Cameras find him rallying against the Authorization for Use of Military Force with Rep. Barbara Lee (D-CA) and recalling a phone call from President Trump, who warned that voting against him on a bill would hamper Massie with the baggage of a primary. Less than a day later, the threat proved serious.

Massie takes the documentarians to First Street SE, straddling the short stretch of road between the Capitol Hill Club and the National Republican Congressional Committee, emphasizing the limited options for members in need of re-election funds. It’s a poignant moment, one of many in the documentary that provides visual evidence of The Swamp’s inner workings.

All the “groveling” that comes with a primary, Massie explains, can be “traced back” to one vote against the party line. As a trio, Massie, Buck, and Gaetz manage to share a handful of anecdotes that pull back the curtain on Washington corruption pretty well.

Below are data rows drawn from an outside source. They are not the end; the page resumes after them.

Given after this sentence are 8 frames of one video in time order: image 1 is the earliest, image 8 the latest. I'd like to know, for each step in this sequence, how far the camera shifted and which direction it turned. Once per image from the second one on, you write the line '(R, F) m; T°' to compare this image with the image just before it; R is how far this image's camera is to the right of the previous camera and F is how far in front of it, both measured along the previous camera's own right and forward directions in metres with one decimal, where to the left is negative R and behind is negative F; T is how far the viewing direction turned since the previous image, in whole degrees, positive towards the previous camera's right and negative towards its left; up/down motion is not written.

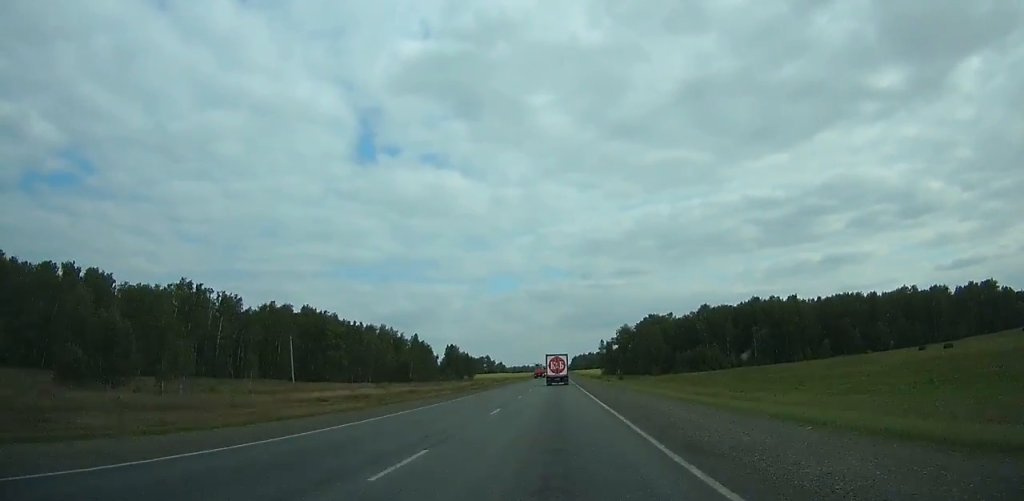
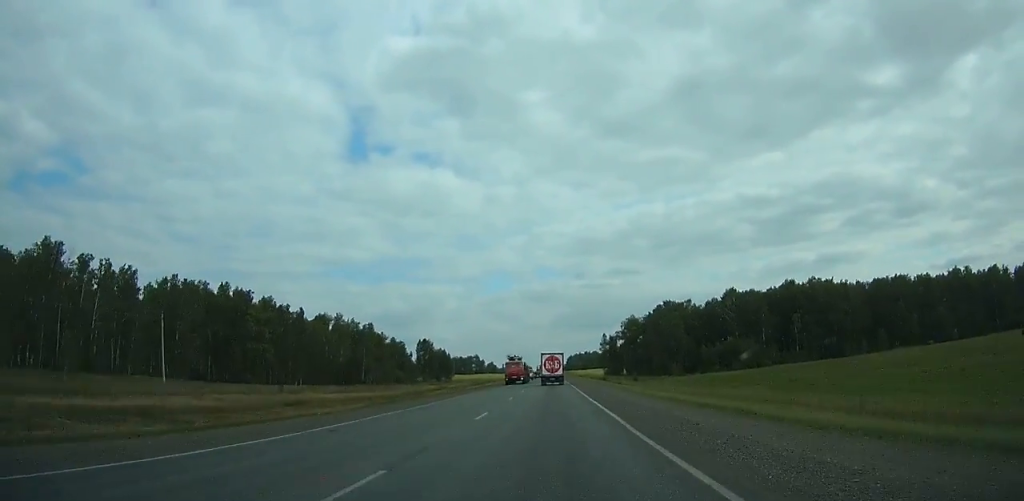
(0.0, +38.2) m; 0°
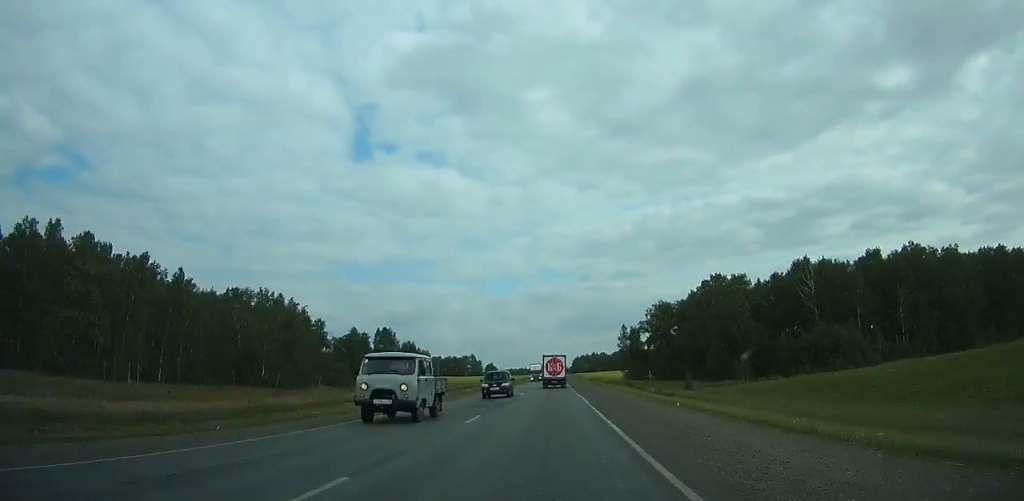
(+0.1, +49.1) m; 0°
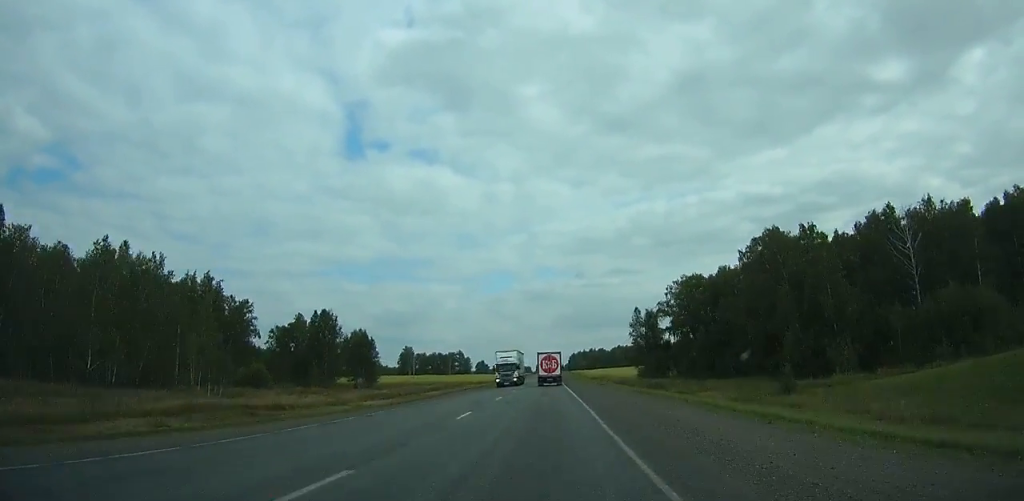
(0.0, +35.6) m; 0°
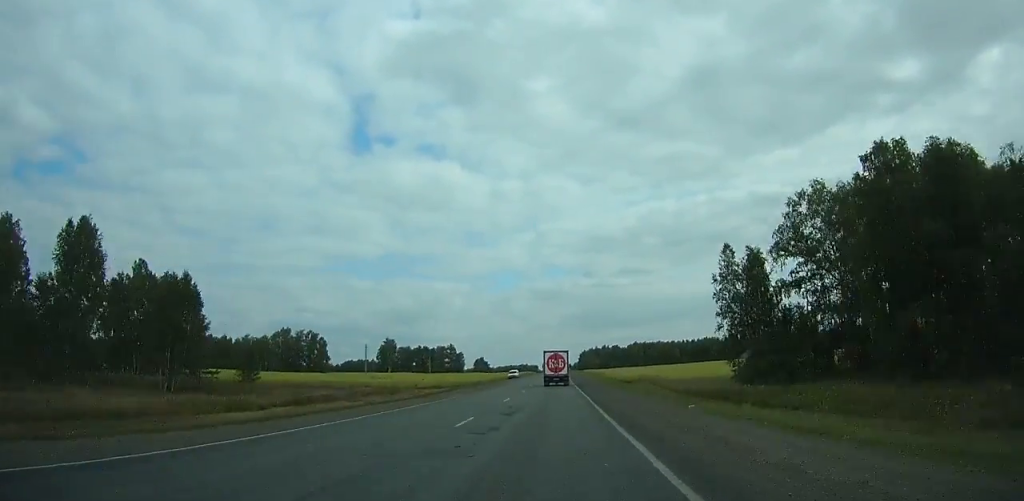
(-0.2, +62.1) m; 0°
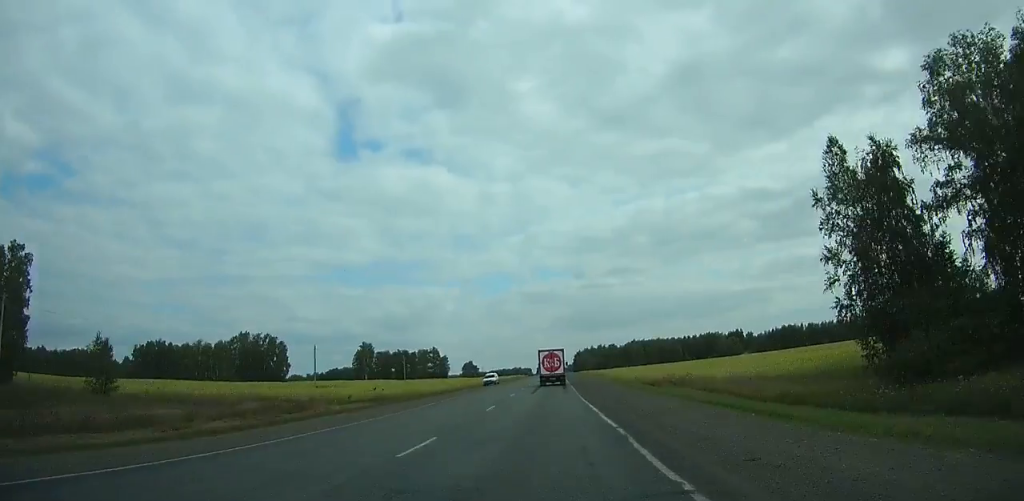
(-0.2, +28.8) m; 0°
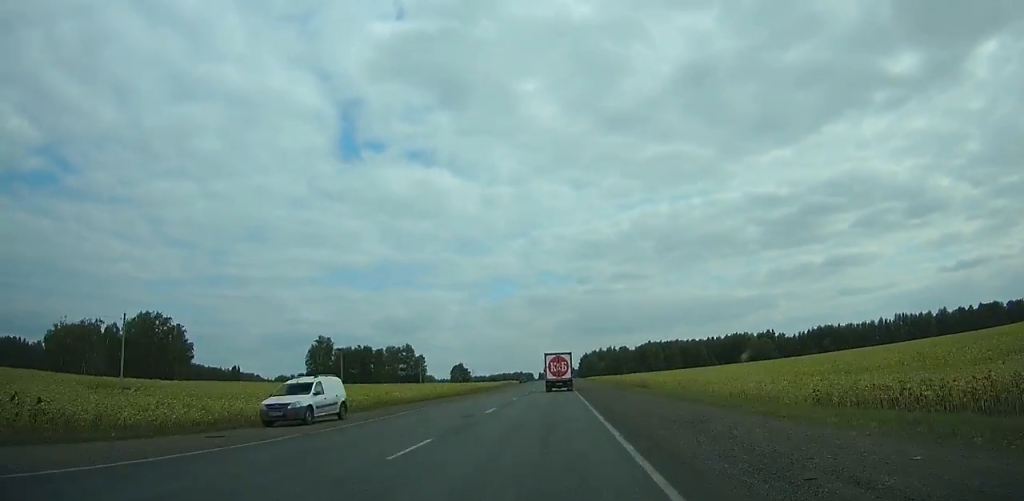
(+0.2, +59.5) m; 0°
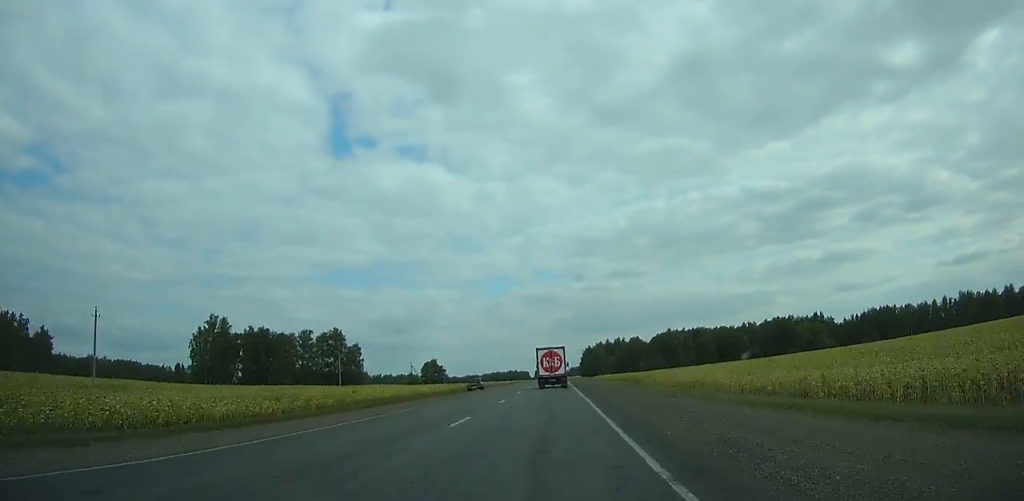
(+0.4, +78.7) m; 0°

From his friendship with Khanna to a Peroni-fueled conversation about corporate PAC donations with Hill, the documentary catches Gaetz in some genuinely interesting moments of conversation with progressive Democrats. It also does a reasonably decent job of evaluating Gaetz through the right prism, as a self-styled, Trump-inspired crusader against corruption — even if the current administration is less dedicated to draining the swamp than the president might claim. “I defend flawed people, that’s kind of my thing around here,” Gaetz quips.

Khanna and Lessig both lament the decline of bipartisan compromise, pointing back to bygone eras of major legislation that unified broad coalitions. This is where “The Swamp” hits the same brick wall as its reformers, arriving at cliched complaints about compromise without really grappling with the reality that bipartisan compromise is almost always in the service of cronyism.

Consequently, it makes little sense to lament the death of compromise and lament the persistence of the status quo in the same breath. Sure, members spend less time socializing with one another, and the media environment incentivizes partisan bombast. Those explanations are accurate. But asking for compromise right now is asking Nancy Pelosi to find common ground with Mitch McConnell. Consider what they actually agree on.

Bipartisan compromise between anti-establishment Republicans and Democrats should be desirable on a host of issues, from term limits to lobbying bans to Big Tech to China. In Gaetz’s conversations with Khanna and Hill, you can see the broad contours of a cross-party, realignment reform platform. But as Massie likes to say, politicians in the Swamp sometimes end up believing they’re actually in a hot tub.

Compromise, as we understand it today, will not drain anything. Massie advances an optimistic argument towards the documentary’s end, emphasizing that the electorate still has the final say. In that sense, it’s possible the strain of populism Trump injected into the GOP will produce an heir capable of bridging the gap between Democrats like Khanna and Republicans like Gaetz.

“The Swamp” is evidence that such a movement or candidate is more likely to come from the right. What will increasingly prevent reform-minded leftists from huddling with reform-minded conservatives is the left’s normalized intolerance for minor dissent from full progressivism, let alone Trump-friendly Republicans.

The film, which works well without a narrator, ends on a subtly derisive note, suggesting Republicans are unwittingly embarking on something of a fool’s errand. But ultimately “The Swamp’s” exceptional willingness to hear Republican politicians out proves the difficulty of its mission—corporate media and the far left are unwilling to do the same, rendering the expansion of compromise efforts extraordinarily difficult. But to Massie’s point, brewing populist discontent over so-called cancel culture could give the realignment project just the boost it needs.